### [Dataset entries]
· · · ·

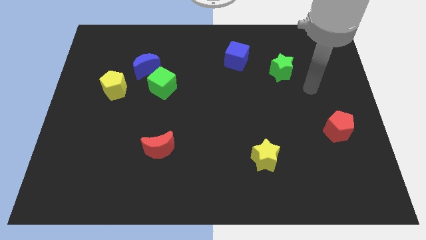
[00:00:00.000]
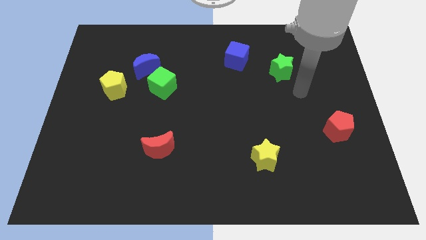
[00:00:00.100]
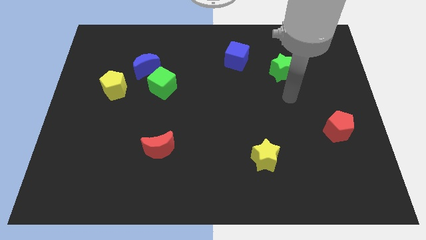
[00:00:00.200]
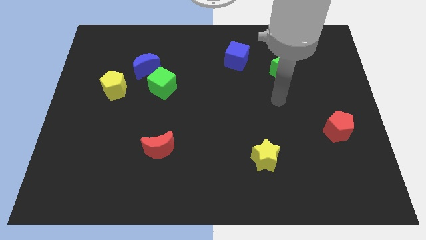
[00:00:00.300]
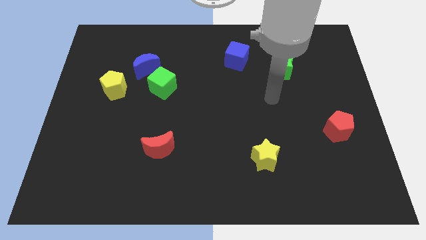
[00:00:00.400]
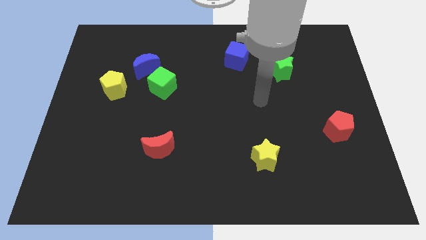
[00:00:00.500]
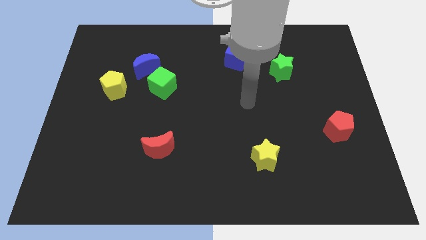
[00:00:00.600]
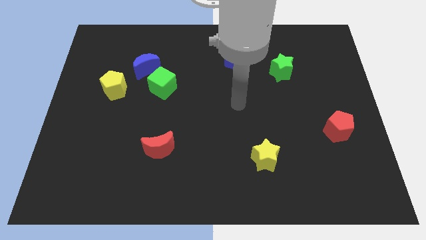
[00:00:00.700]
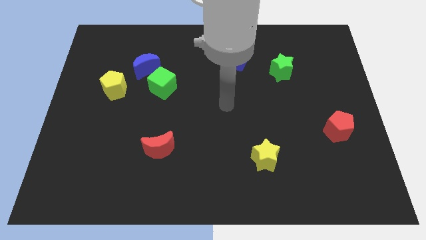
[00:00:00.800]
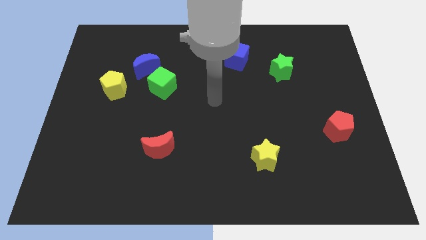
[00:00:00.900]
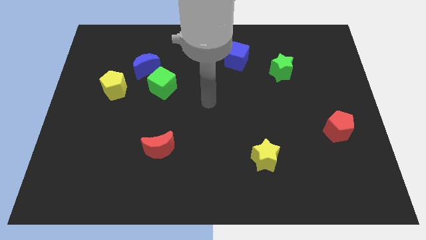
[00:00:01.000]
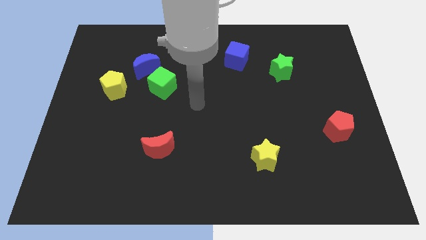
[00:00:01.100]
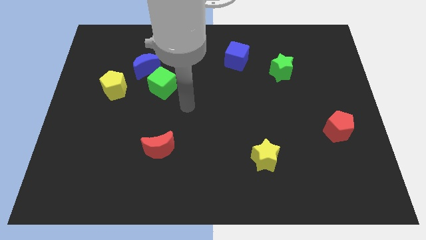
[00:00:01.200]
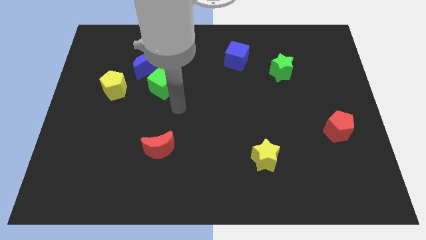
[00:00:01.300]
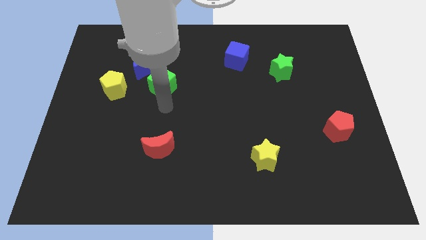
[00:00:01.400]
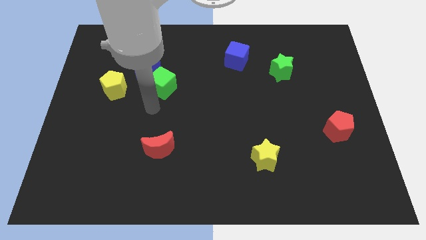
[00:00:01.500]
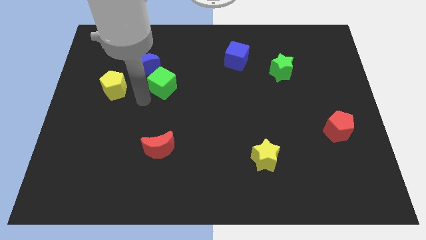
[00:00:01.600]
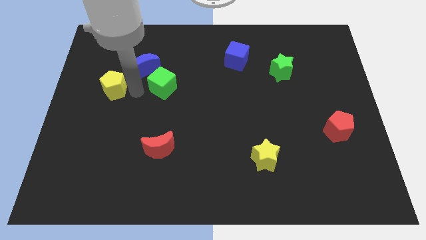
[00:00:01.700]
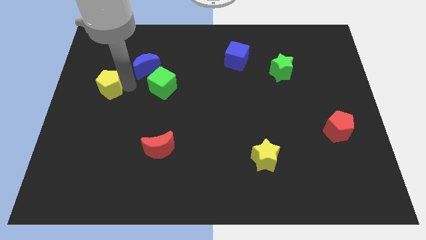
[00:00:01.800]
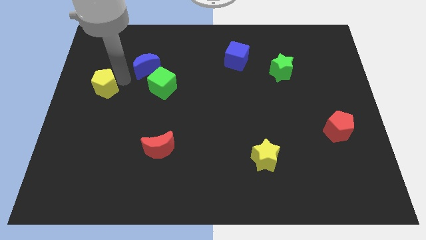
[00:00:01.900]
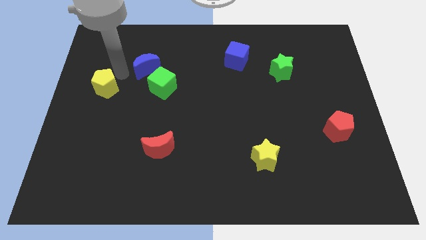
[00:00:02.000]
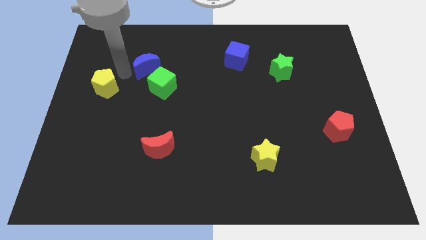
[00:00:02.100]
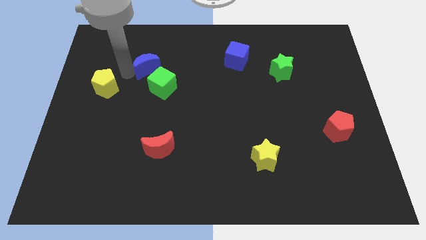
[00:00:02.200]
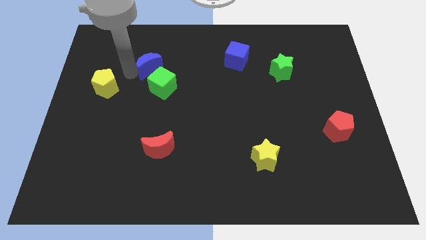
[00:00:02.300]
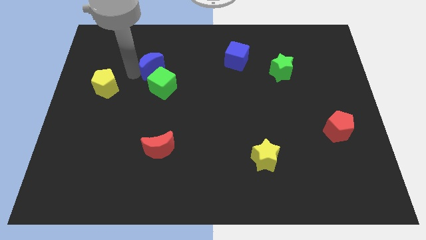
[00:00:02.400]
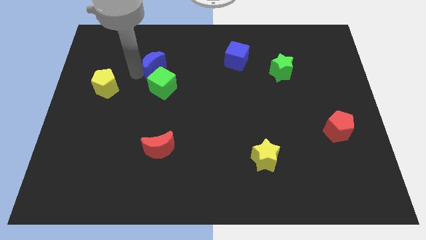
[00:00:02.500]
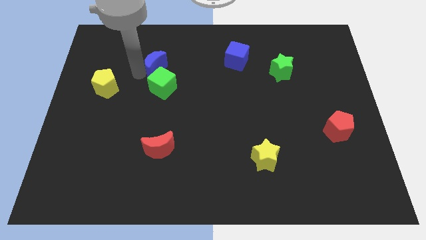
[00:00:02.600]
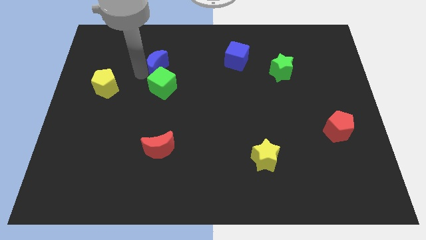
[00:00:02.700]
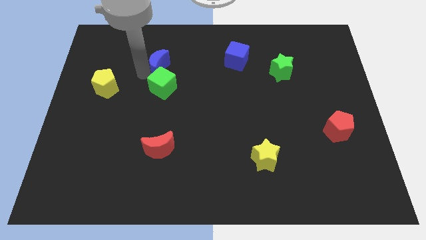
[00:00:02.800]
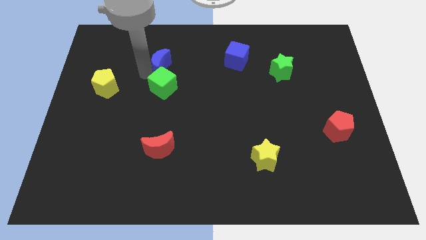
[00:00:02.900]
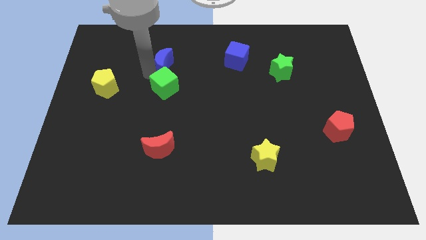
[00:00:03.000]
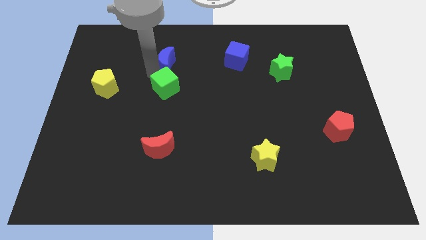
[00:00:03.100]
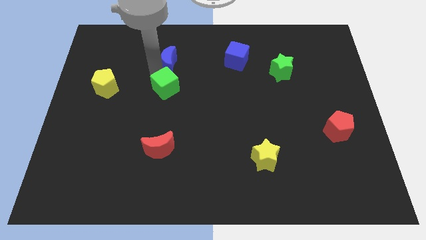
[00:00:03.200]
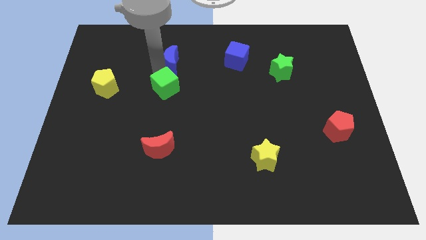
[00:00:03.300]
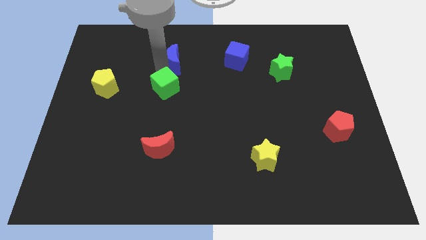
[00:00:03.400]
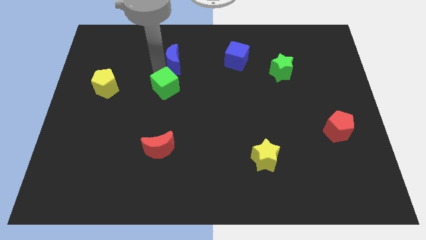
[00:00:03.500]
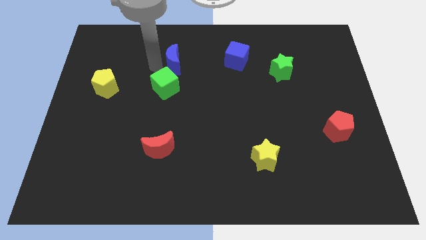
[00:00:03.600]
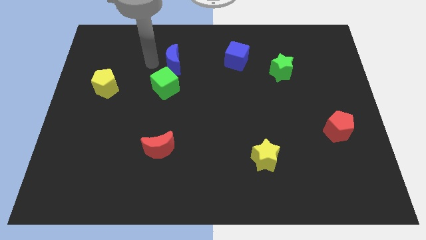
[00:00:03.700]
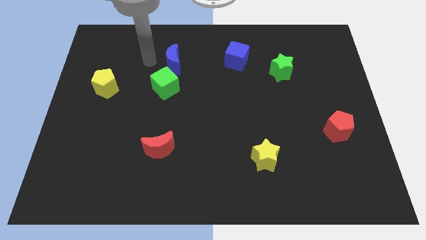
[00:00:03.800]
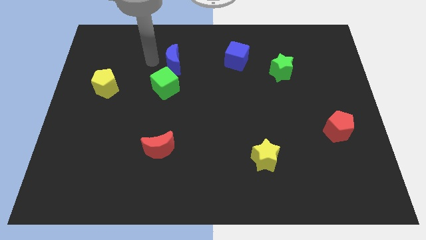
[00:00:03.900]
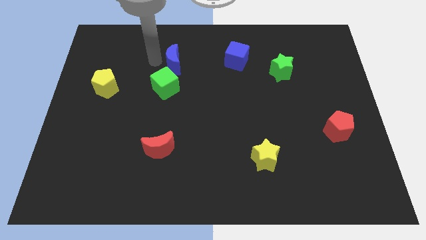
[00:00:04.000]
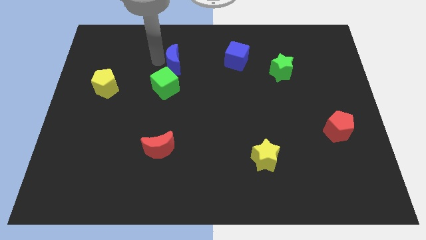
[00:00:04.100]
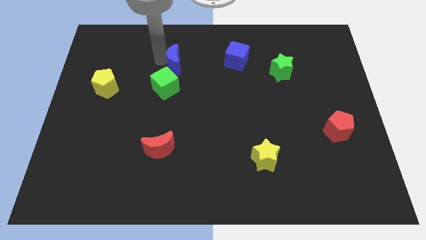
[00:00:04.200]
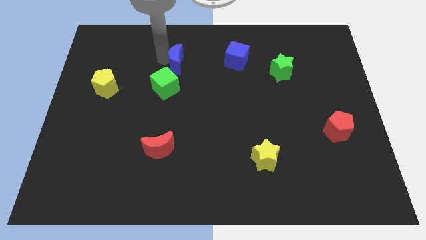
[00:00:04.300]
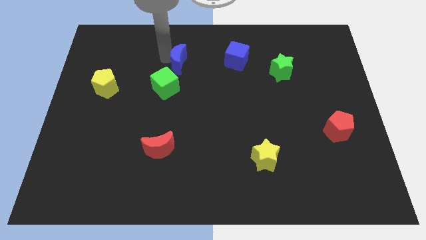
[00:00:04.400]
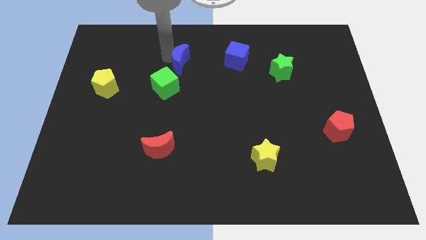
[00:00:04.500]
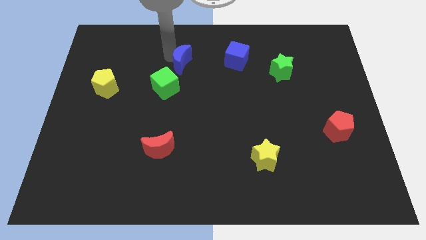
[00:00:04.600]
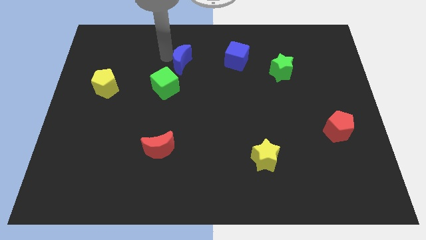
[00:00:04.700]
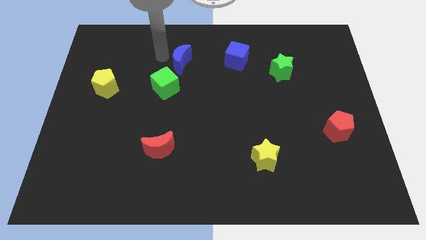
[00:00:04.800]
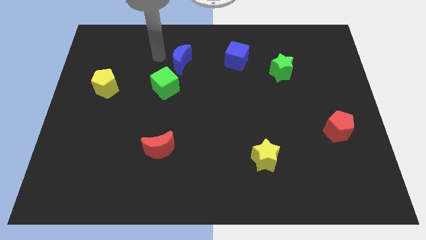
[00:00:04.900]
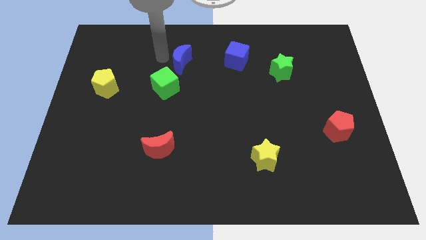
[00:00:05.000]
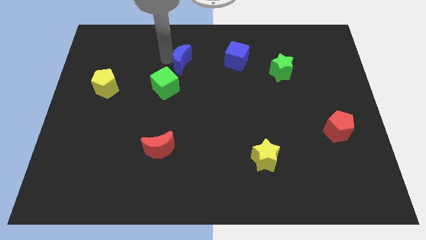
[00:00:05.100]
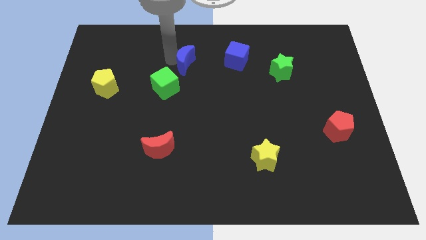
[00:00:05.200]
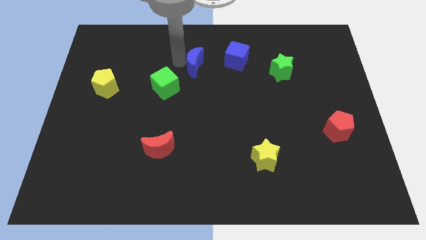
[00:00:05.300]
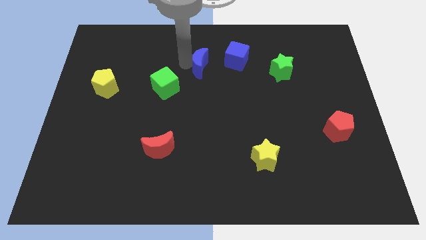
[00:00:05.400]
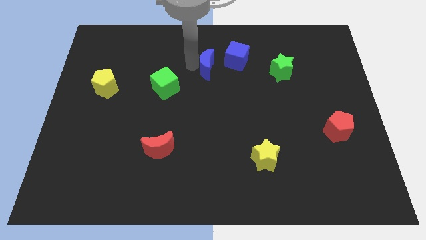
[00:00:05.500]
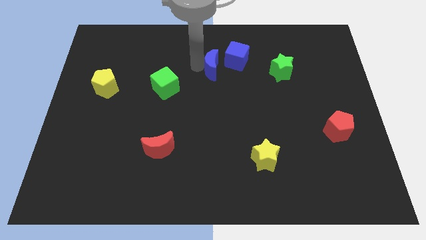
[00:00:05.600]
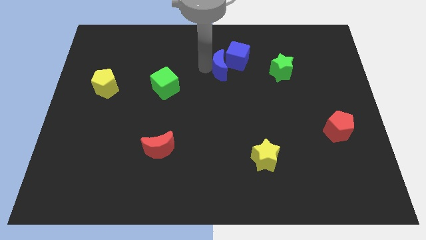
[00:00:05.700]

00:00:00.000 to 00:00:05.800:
put the blue moon left of the green star

· · · ·

### [YOUR ASSIGNMENT]
When restating the records word for word, omit any picture they contain.

### [RESULT BELOW]
[00:00:00.000]
[00:00:00.100]
[00:00:00.200]
[00:00:00.300]
[00:00:00.400]
[00:00:00.500]
[00:00:00.600]
[00:00:00.700]
[00:00:00.800]
[00:00:00.900]
[00:00:01.000]
[00:00:01.100]
[00:00:01.200]
[00:00:01.300]
[00:00:01.400]
[00:00:01.500]
[00:00:01.600]
[00:00:01.700]
[00:00:01.800]
[00:00:01.900]
[00:00:02.000]
[00:00:02.100]
[00:00:02.200]
[00:00:02.300]
[00:00:02.400]
[00:00:02.500]
[00:00:02.600]
[00:00:02.700]
[00:00:02.800]
[00:00:02.900]
[00:00:03.000]
[00:00:03.100]
[00:00:03.200]
[00:00:03.300]
[00:00:03.400]
[00:00:03.500]
[00:00:03.600]
[00:00:03.700]
[00:00:03.800]
[00:00:03.900]
[00:00:04.000]
[00:00:04.100]
[00:00:04.200]
[00:00:04.300]
[00:00:04.400]
[00:00:04.500]
[00:00:04.600]
[00:00:04.700]
[00:00:04.800]
[00:00:04.900]
[00:00:05.000]
[00:00:05.100]
[00:00:05.200]
[00:00:05.300]
[00:00:05.400]
[00:00:05.500]
[00:00:05.600]
[00:00:05.700]

00:00:00.000 to 00:00:05.800:
put the blue moon left of the green star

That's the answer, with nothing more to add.